A cappella Zoo | Fall 2012

Page 17

“They will not have me, sir. With my wounds, I am unable to meet the requirements of their ecstasy. I have traveled just the same as they. I have dreamed the very same dreams . . . and yet they will not have me.” She paused and wrapped her disfigured body around itself. “It turns out the heart is naught but a lonely place.” Puer studied the woman: the empty, bleeding pores where her ovaries should have been, the chipped remains of porcelain skin. “Your epiphany is nothing extraordinary,” he spat. “My goal has revealed itself as a house of cards . . . and here there can be no shelter.” “You may dwell with me, sir. If only you help me to eat. We can share this trench, sir, if only you help me to eat.” Puer reflected upon the futile hospitality of the fractured maiden. She had nothing to offer. The trench was wide enough to house dozens. “I will help to feed you this once, ma’am, but I will not stay here.” “Why, sir? Where will you go?” Puer grunted and ascended from the trench without another word. In those upper reaches, Puer searched for some morsel not coated in his brothers’ saliva.

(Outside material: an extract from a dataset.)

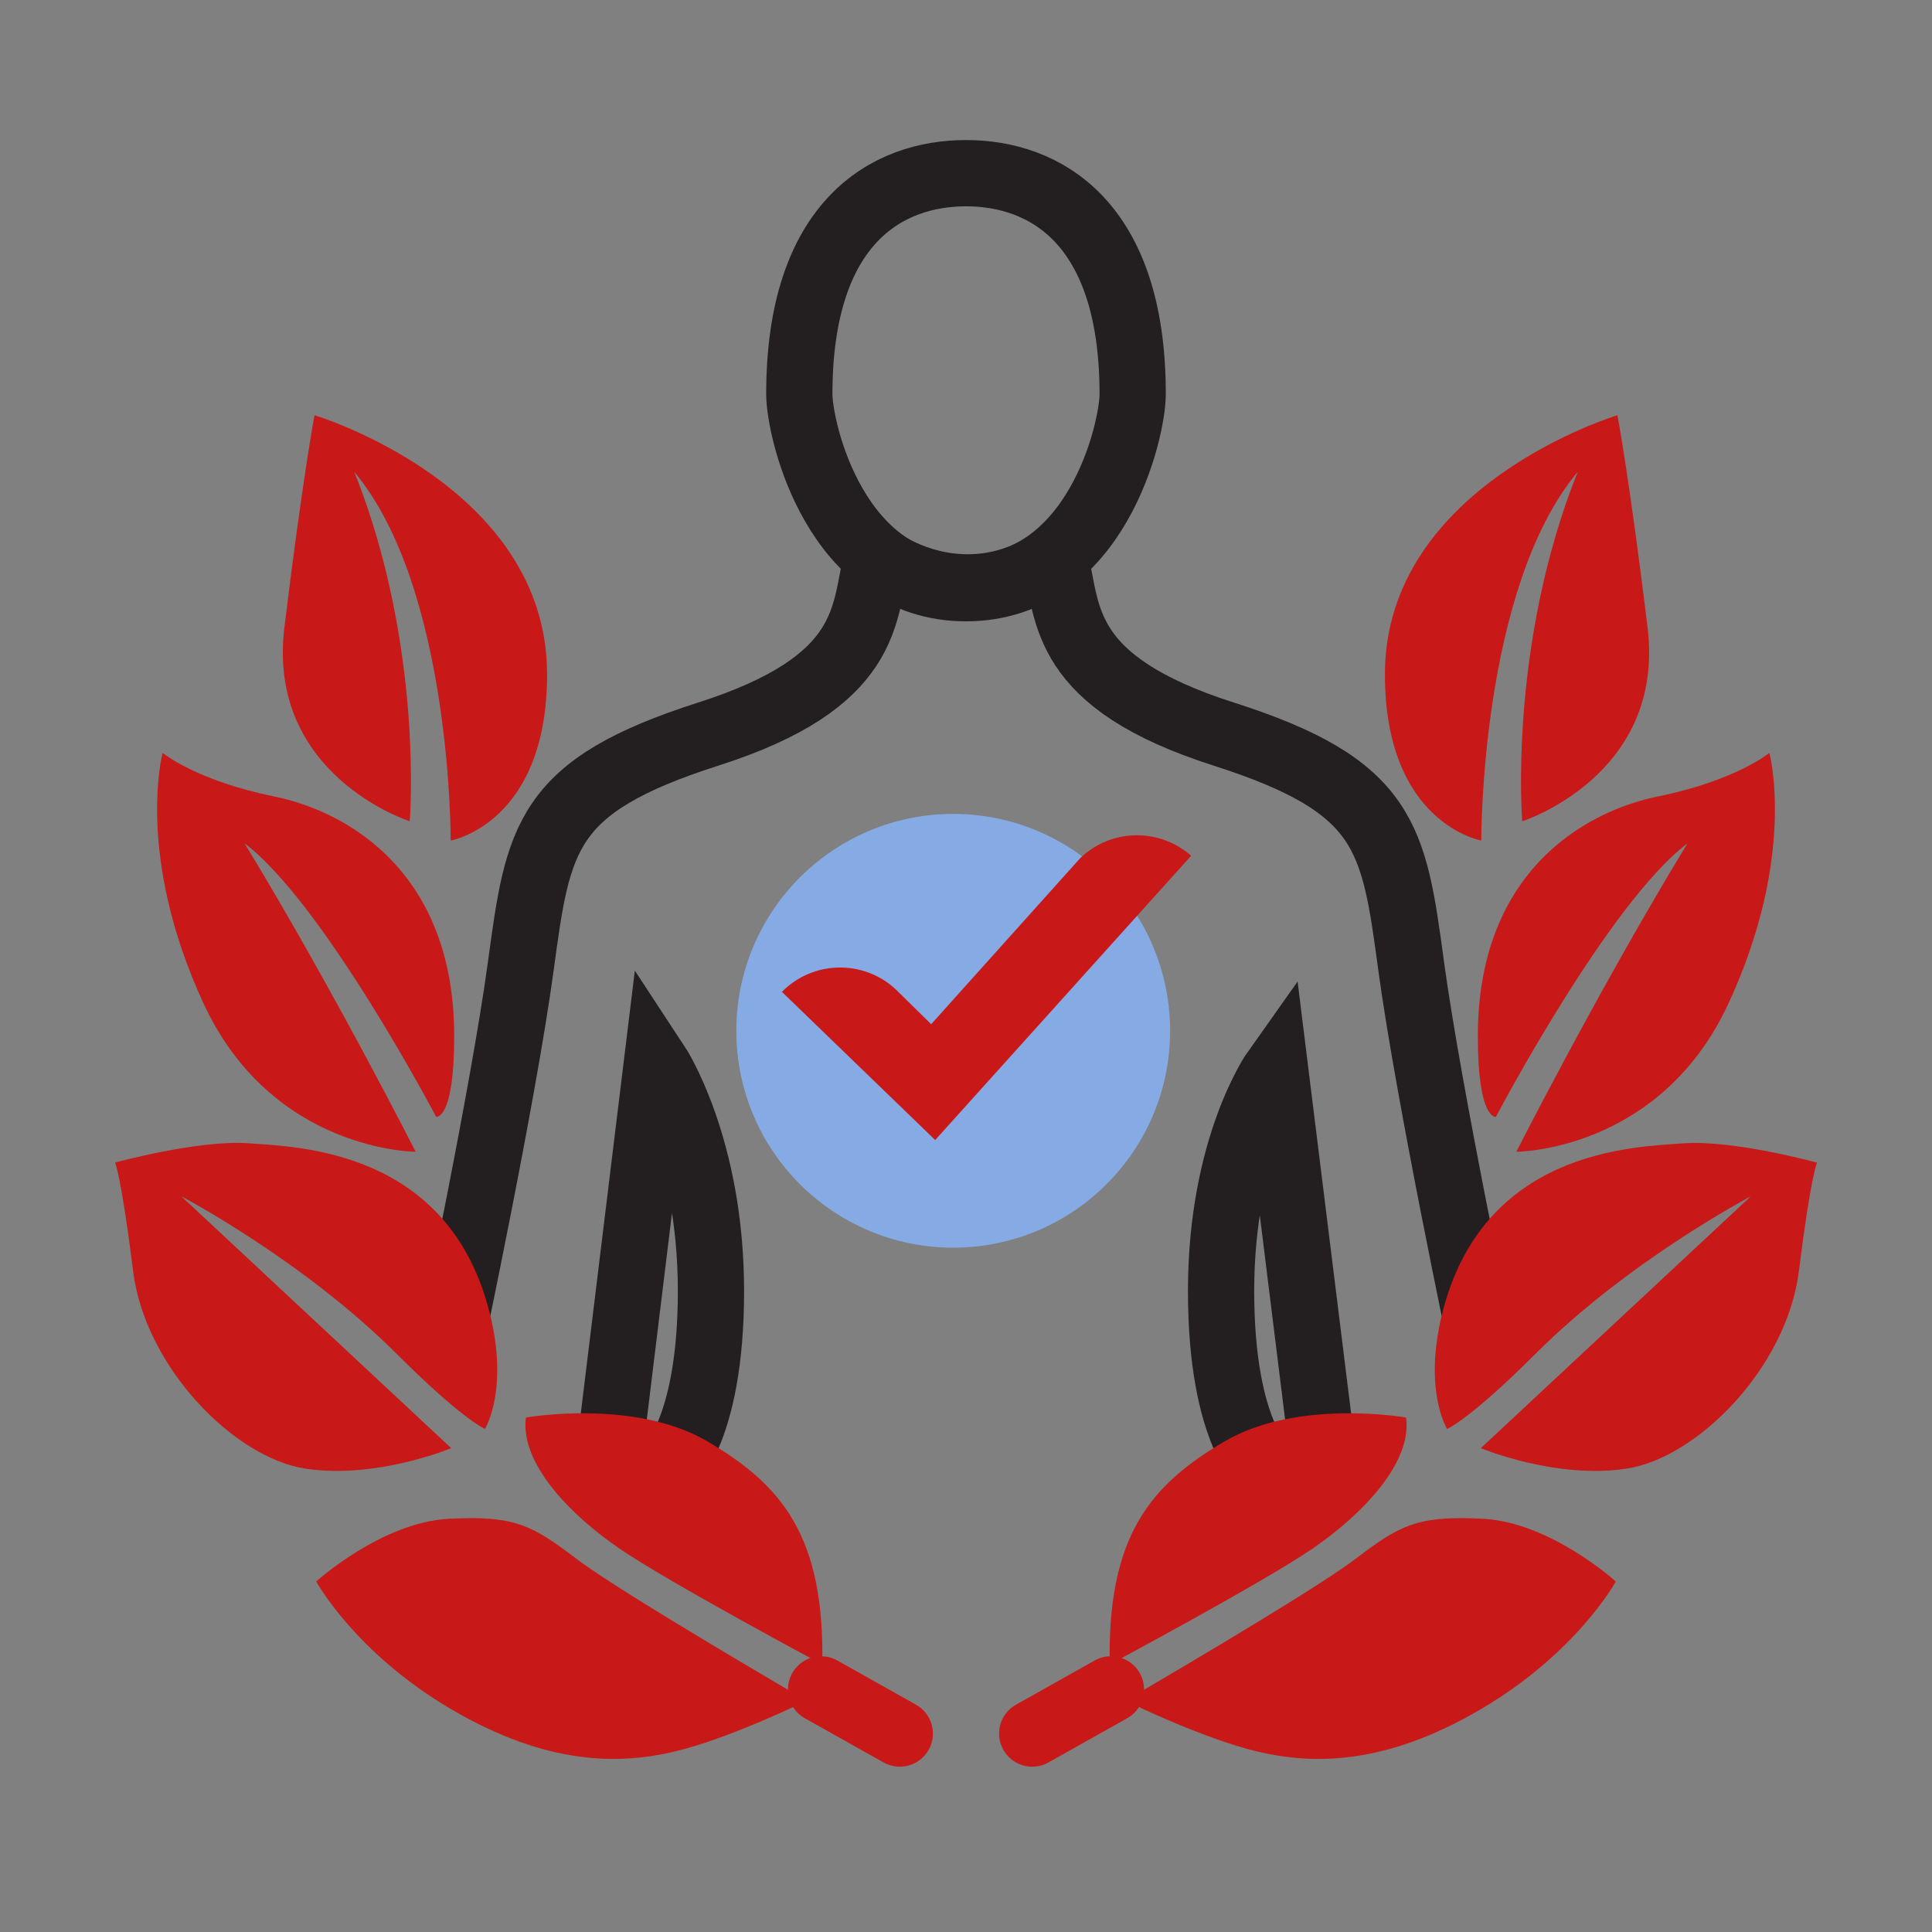 <svg xmlns="http://www.w3.org/2000/svg" xmlns:xlink="http://www.w3.org/1999/xlink" id="Layer_1" x="0px" y="0px" width="99.211px" height="99.211px" viewBox="0 0 99.211 99.211" xml:space="preserve"><rect x="0" y="0" width="99.211" height="99.211" fill="#808080" stroke="none"/><g id="Background"></g><g id="Foreground">	<g>					<line fill="none" stroke="#C81818" stroke-width="3.402" stroke-linecap="round" stroke-miterlimit="3.864" x1="42.164" y1="86.752" x2="46.205" y2="89.021"></line>		<g>			<path fill="none" stroke="#231F20" stroke-width="3.402" stroke-linecap="round" stroke-miterlimit="3.864" d="M65.04,75.511    c0,0-2.336-1.787-2.336-9.214c0-7.424,2.78-11.338,2.78-11.338l2.581,20.826"></path>			<path fill="none" stroke="#231F20" stroke-width="3.402" stroke-linecap="round" stroke-miterlimit="3.864" d="M31.146,75.788    l2.581-21.14c0,0,2.782,4.226,2.782,11.649c0,7.427-2.338,9.214-2.338,9.214"></path>			<path fill="none" stroke="#231F20" stroke-width="3.402" stroke-linecap="round" stroke-miterlimit="3.864" d="M76.109,69.213    c0,0-2.75-13.021-3.646-19.623c-0.894-6.6-1.236-9.212-9.623-11.894c-8.389-2.681-7.971-6.156-8.657-9.044    c0,0-1.716,1.511-4.49,1.511c-2.774,0-4.666-1.511-4.666-1.511c-0.688,2.888-0.268,6.363-8.655,9.044    c-8.388,2.682-8.731,5.294-9.625,11.894c-0.894,6.601-3.644,19.623-3.644,19.623"></path>			<circle fill="#86AAE3" cx="48.949" cy="52.933" r="11.137"></circle>			<path fill="#C81818" d="M48.023,58.542l-7.871-7.609c1.591-1.613,4.187-1.675,5.854-0.12l1.811,1.782l7.653-8.527    c1.569-1.515,4.054-1.576,5.696-0.121L48.023,58.542z"></path>			<path fill="none" stroke="#231F20" stroke-width="3.402" stroke-linecap="round" stroke-miterlimit="3.864" d="M49.606,8.893    c-4.022,0-8.56,2.475-8.56,11.343c0,1.856,1.856,9.969,8.56,9.969s8.559-8.112,8.559-9.969    C58.165,11.367,53.627,8.893,49.606,8.893z"></path>			<g>				<path fill="#C81818" d="M21.345,59.144c0,0-7.362,0-10.89-7.61c-3.526-7.612-2.104-12.871-2.104-12.871s1.732,1.423,5.692,2.228     c3.96,0.805,9.281,4.022,9.281,12.313c0,4.332-0.928,4.146-0.928,4.146s-5.755-10.952-9.838-14.046     C17.077,50.728,21.345,59.144,21.345,59.144z"></path>				<path fill="#C81818" d="M42.225,85.472c0,0-7.856-4.202-10.393-5.935s-5.136-4.395-4.826-6.744c0,0,5.568-0.99,9.343,1.236     S42.349,78.851,42.225,85.472z"></path>				<path fill="#C81818" d="M41.422,87.333c0,0-9.467-5.506-11.756-7.237c-2.289-1.733-3.155-2.29-6.62-2.104     c-3.465,0.187-6.807,3.219-6.807,3.219s1.98,3.649,6.93,6.559c4.95,2.908,8.663,2.846,11.509,2.166     C37.525,89.25,41.422,87.333,41.422,87.333z"></path>				<path fill="#C81818" d="M23.17,74.364c0,0-3.836,1.608-7.487,1.053c-3.65-0.558-8.229-5.197-8.848-10.147S5.908,59.7,5.908,59.7     s4.27-1.176,6.868-0.99c2.598,0.187,10.281,0.354,12.374,8.725c0.99,3.961-0.247,5.939-0.247,5.939s-1.144-0.463-4.517-3.836     C15.56,64.711,9.31,61.432,9.31,61.432L23.17,74.364z"></path>				<path fill="#C81818" d="M21.04,42.173c0,0-7.363-2.351-6.435-9.961c0.928-7.611,1.546-10.89,1.546-10.89     s11.942,3.589,11.942,13.303c0,7.672-4.95,8.538-4.95,8.538s0.062-12.932-4.95-18.933C21.782,33.202,21.04,42.173,21.04,42.173z     "></path>			</g>			<g>				<path fill="#C81818" d="M77.866,59.144c0,0,7.362,0,10.891-7.61c3.527-7.612,2.104-12.871,2.104-12.871     s-1.732,1.423-5.691,2.228c-3.961,0.805-9.281,4.022-9.281,12.313c0,4.332,0.929,4.146,0.929,4.146s5.754-10.952,9.838-14.046     C82.135,50.728,77.866,59.144,77.866,59.144z"></path>				<path fill="#C81818" d="M56.986,85.472c0,0,7.856-4.202,10.394-5.935s5.137-4.395,4.826-6.744c0,0-5.568-0.99-9.343,1.236     C59.088,76.258,56.863,78.851,56.986,85.472z"></path>				<path fill="#C81818" d="M57.79,87.333c0,0,9.467-5.506,11.756-7.237c2.289-1.733,3.156-2.29,6.621-2.104     c3.465,0.187,6.806,3.219,6.806,3.219s-1.979,3.649-6.931,6.559s-8.662,2.846-11.508,2.166     C61.687,89.25,57.79,87.333,57.79,87.333z"></path>				<path fill="#C81818" d="M76.042,74.364c0,0,3.836,1.608,7.486,1.053c3.65-0.557,8.229-5.197,8.848-10.147s0.93-5.567,0.93-5.567     s-4.27-1.177-6.868-0.99c-2.599,0.186-10.282,0.353-12.375,8.724c-0.99,3.961,0.247,5.94,0.247,5.94s1.145-0.463,4.518-3.836     c4.826-4.826,11.075-8.105,11.075-8.105L76.042,74.364z"></path>				<path fill="#C81818" d="M78.17,42.173c0,0,7.363-2.351,6.435-9.961c-0.928-7.611-1.547-10.89-1.547-10.89     s-11.94,3.589-11.94,13.303c0,7.672,4.949,8.538,4.949,8.538s-0.063-12.932,4.95-18.933     C77.428,33.202,78.17,42.173,78.17,42.173z"></path>			</g>		</g>					<line fill="none" stroke="#C81818" stroke-width="3.402" stroke-linecap="round" stroke-miterlimit="3.864" x1="57.047" y1="86.752" x2="53.006" y2="89.021"></line>	</g>	<path fill="none" stroke="#231F20" stroke-width="3.402" stroke-linecap="round" stroke-miterlimit="3.864" d="M198.329,0"></path></g><g id="Guides"></g><g>	<g>					<path fill-rule="evenodd" clip-rule="evenodd" fill="none" stroke="#231F20" stroke-width="3.402" stroke-linecap="round" stroke-miterlimit="3.864" d="   M144.43-78.285c0,0,4.688-2.125,9.5-2.125c6.875,0,20.375,7.438,29.188,7.438c4.5,0,18-5.375,22.438-7.625   s19.252-10.692,20.063-13.969c0.656-2.656-1.688-4.406-3.938-4.406c-4.563,0-22.188,10.625-27.5,10.625s-22.313,0-22.313,0"></path>					<path fill-rule="evenodd" clip-rule="evenodd" fill="none" stroke="#231F20" stroke-width="3.402" stroke-miterlimit="3.864" d="   M193.368-88.347c2.438,0,6.188-1.531,6.188-5.531s-3.5-5.031-5.688-5.031s-7.563,0-10.625,0c-5.875,0-11.02-5.074-14.75-6.125   c-10.875-3.063-24.063,6.813-24.063,6.813v19.938"></path>					<path fill-rule="evenodd" clip-rule="evenodd" fill="none" stroke="#231F20" stroke-width="3.402" stroke-miterlimit="3.864" d="   M220.829-98.906c0.832-2.25-0.137-4.778-3.426-4.778c-3.982,0-5.602,4.402-6.656,6.458c-0.994,1.941-2.166,3.418-2.166,3.418"></path>					<path fill-rule="evenodd" clip-rule="evenodd" fill="none" stroke="#231F20" stroke-width="3.402" stroke-miterlimit="3.864" d="   M212.366-100.361c0,0-0.334-1.936-2.578-1.936c-1.824,0-2.998,1.217-5.576,4.3c-2.578,3.084-4.891,6.562-6.252,7.923"></path>	</g>	<path fill-rule="evenodd" clip-rule="evenodd" fill="#C81818" d="M182.336-136.361c0,0,3.557-4.41,7.998-4.41  c4.439,0,9.617,3.203,9.617,11.942c0,8.738-15.641,19.343-17.615,19.343c-1.973,0-17.613-10.604-17.613-19.343  c0-8.739,5.178-11.942,9.617-11.942C178.782-140.771,182.336-136.361,182.336-136.361z"></path>			<rect x="138.931" y="-103.526" transform="matrix(-0.961 0.276 -0.276 -0.961 260.272 -213.248)" fill-rule="evenodd" clip-rule="evenodd" fill="#86AAE3" width="12.384" height="30.388"></rect>	<path fill-rule="evenodd" clip-rule="evenodd" fill="#FFFFFF" d="M181.901-118.429l-9.301-8.954  c1.762-1.786,4.639-1.856,6.486-0.134l2.584,2.497l7.48-8.269c1.74-1.679,4.492-1.746,6.313-0.135L181.901-118.429z"></path></g><g>	<path fill-rule="evenodd" clip-rule="evenodd" fill="#86AAE3" d="M314.836-117.24c0,0,8.096,4.016,8.096,11.985  c0,6.95-3.57,9.818-3.57,9.818l-7.459-13.835L314.836-117.24z"></path>	<path fill-rule="evenodd" clip-rule="evenodd" fill="#86AAE3" d="M264.151-93.841c0,0-5.803-1.531-5.803-11.541  c0-8.926,10.074-15.428,18.299-15.428c0,0-0.053,7.468-5.547,12.75C262.811-100.089,264.151-93.841,264.151-93.841z"></path>	<polygon fill="#C81818" points="284.313,-110.438 297.116,-110.438 297.116,-97.991 309.563,-97.991 309.563,-85.187   297.116,-85.187 297.116,-72.739 284.313,-72.739 284.313,-85.187 271.866,-85.187 271.866,-97.991 284.313,-97.991  "></polygon>	<path fill-rule="evenodd" clip-rule="evenodd" fill="none" stroke="#231F20" stroke-width="3.402" stroke-miterlimit="3.864" d="  M313.243-126.676c0,0,2.23-6.854,2.869-9.595c-1.467-1.275-10.648-1.945-10.648-1.945s0-1.338,0-4.717  c-3.314-1.85-10.902,0.51-10.902,0.51s0,2.295,0,6.885c-1.848,0.893-6.594,3.696-6.594,3.696s-4.178-8.354-8.492-12.008  c-2.256,1.171-9.586,7.355-9.586,7.355c3.506,3.825,7.012,7.523,7.012,14.664c0,13.389-13.707,16.896-13.707,25.885  c0,4.845,2.869,7.522,2.869,7.522"></path>	<path fill-rule="evenodd" clip-rule="evenodd" fill="none" stroke="#231F20" stroke-width="3.402" stroke-miterlimit="3.864" d="  M294.657-116.921c0,0,8.895-10.073,18.84-10.073s19.701,8.415,19.701,21.422c0,7.092-6.953,17.898-19.297,30.243  c-12.346,12.346-17.889,15.278-23.484,15.278c-5.627,0-11.596-3.567-23.521-15.493c-11.926-11.925-18.684-23.416-18.684-31.304  c0-14.536,12.24-20.529,22.123-20.529c1.658,0,5.674,0,5.674,0"></path>	<path fill-rule="evenodd" clip-rule="evenodd" fill="none" stroke="#231F20" stroke-width="3.402" stroke-miterlimit="3.864" d="  M324.334-116.347c0,0-2.422-1.34-5.801-1.34s-6.248,2.486-6.248,7.205c0,6.631,6.248,9.563,6.248,19.381  s-8.225,19.574-12.24,23.017"></path></g><g>			<line fill-rule="evenodd" clip-rule="evenodd" fill="none" stroke="#C81818" stroke-width="3.402" stroke-linecap="round" stroke-miterlimit="3.864" x1="-50.18" y1="-70.334" x2="-44.016" y2="-64.17"></line>	<polyline fill="none" stroke="#231F20" stroke-width="3.402" stroke-linecap="round" stroke-miterlimit="3.864" points="  -40.483,-100.933 -6.49,-100.933 -6.49,-90.059 -40.483,-90.059  "></polyline>	<polyline fill="none" stroke="#231F20" stroke-width="3.402" stroke-linecap="round" stroke-miterlimit="3.864" points="  -40.483,-100.933 -74.477,-100.933 -74.477,-90.059 -40.483,-90.059  "></polyline>	<g>					<line fill-rule="evenodd" clip-rule="evenodd" fill="none" stroke="#C81818" stroke-width="3.402" stroke-linecap="round" stroke-miterlimit="3.864" x1="-30.787" y1="-70.334" x2="-36.951" y2="-64.17"></line>		<g>			<defs>				<path id="SVGID_1_" d="M-0.549-91.746L-21.595-70.7c-2.491,2.491-6.529,2.491-9.021,0l0,0c-2.49-2.491-2.49-6.528,0-9.02     l21.047-21.046c2.49-2.491,6.544-2.487,9.02,0C1.927-98.279,1.941-94.237-0.549-91.746z"></path>			</defs>			<use xlink:href="#SVGID_1_" fill-rule="evenodd" clip-rule="evenodd" fill="#86AAE3"></use>			<clipPath id="SVGID_2_">				<use xlink:href="#SVGID_1_"></use>			</clipPath>							<line clip-path="url(#SVGID_2_)" fill-rule="evenodd" clip-rule="evenodd" fill="none" stroke="#FFFFFF" stroke-width="3.402" stroke-miterlimit="3.864" x1="-29.792" y1="-80.943" x2="-20.47" y2="-71.621"></line>		</g>	</g>	<circle fill-rule="evenodd" clip-rule="evenodd" fill="#231F20" cx="-5.329" cy="-95.985" r="2.126"></circle>	<g>		<defs>			<path id="SVGID_3_" d="M-80.418-91.746L-59.371-70.7c2.49,2.491,6.528,2.491,9.02,0l0,0c2.49-2.491,2.49-6.528,0-9.02    l-21.046-21.046c-2.491-2.491-6.545-2.487-9.021,0C-82.894-98.279-82.908-94.237-80.418-91.746z"></path>		</defs>		<use xlink:href="#SVGID_3_" fill-rule="evenodd" clip-rule="evenodd" fill="#86AAE3"></use>		<clipPath id="SVGID_4_">			<use xlink:href="#SVGID_3_"></use>		</clipPath>					<line clip-path="url(#SVGID_4_)" fill-rule="evenodd" clip-rule="evenodd" fill="none" stroke="#FFFFFF" stroke-width="3.402" stroke-miterlimit="3.864" x1="-51.175" y1="-81.226" x2="-60.78" y2="-71.621"></line>	</g>	<circle fill-rule="evenodd" clip-rule="evenodd" fill="#231F20" cx="-75.637" cy="-95.985" r="2.126"></circle>			<path fill-rule="evenodd" clip-rule="evenodd" fill="#FFFFFF" stroke="#231F20" stroke-width="3.402" stroke-linecap="round" stroke-miterlimit="3.864" d="  M-63.16-132.25c0-3.131,2.538-5.67,5.669-5.67h34.016c3.131,0,5.669,2.539,5.669,5.67v28.346c0,3.132-2.538,5.67-5.669,5.67  h-34.016c-3.131,0-5.669-2.538-5.669-5.67V-132.25z"></path>	<path fill-rule="evenodd" clip-rule="evenodd" fill="#C81818" d="M-56.947-106.983c0-1.583,1.45-7.001,4.771-7.001  c2.501,0,2.36,2.275,6.521,2.275c2.592,0,4.73-2.095,6.339-4.79c1.386-2.322,1.175-5.978,0.201-7.392s-2.26-2.938-4.252-5.846  c-1.477-2.155,2.938-4.342,3.828-1.689c0.725,2.159,2.378,3.598,3.04,3.598c2.293,0,0.995-2.733,5.933-2.733  c4.252,0,6.284,5.831,6.284,10.223c0,5.2-1.932,9.267-5.093,12.095c-2.638,2.358-5.977,3.924-11.231,3.924  c-4.428,0-7.462-2.032-8.538-3.152c-1.46-1.519-1.995-1.465-2.859,0.724c-0.938,2.375-1.125,3.094-3.251,2.885  C-56.865-104.022-56.947-105.009-56.947-106.983z"></path></g></svg>

There was nothing. The horde had already begun to eat the interior of the World’s heart, as well as each other. Puer returned to the trench empty-handed. “Ma’am, there is nothing. It is as I told you before: this place has been stripped to a barren garden, dead and empty.” “We should leave then, sir. Retreat to somewhere new.” “There is nowhere.” “There is the wasteland. As a girl, I heard of the wasteland.” “The plane of banishment?” Puer scoffed. “Asylum of abominations? Home to the rejects of society and nature alike?” The female faltered. “Y-yes, sir.” “No.” Puer turned. “I am leaving.” The woman followed Puer’s retreat with shocked and wounded eyes. “Sir!” she exclaimed finally. “There is nowhere else to go! These highways, they flow in one direction. You will surely die!” “So be it,” the male snapped. “Death is better than this. And it is certainly better than what you propose.” “What I propose is life.” “Yes. But what piteous fool would want a life like that? Scrounging in barrens of shit?” For a moment, the pilgrims’ eyes locked in something that could not quite be called confrontation. “Please, sir,” the female said, wilting away from Puer’s glare. Her voice found itself suffocating in repressed tears. “I want a life. Any life. Please . . .” Feeling like a victim of extortion, Puer heaved a sigh. “Fine,” he said. “We will flee to the wasteland.”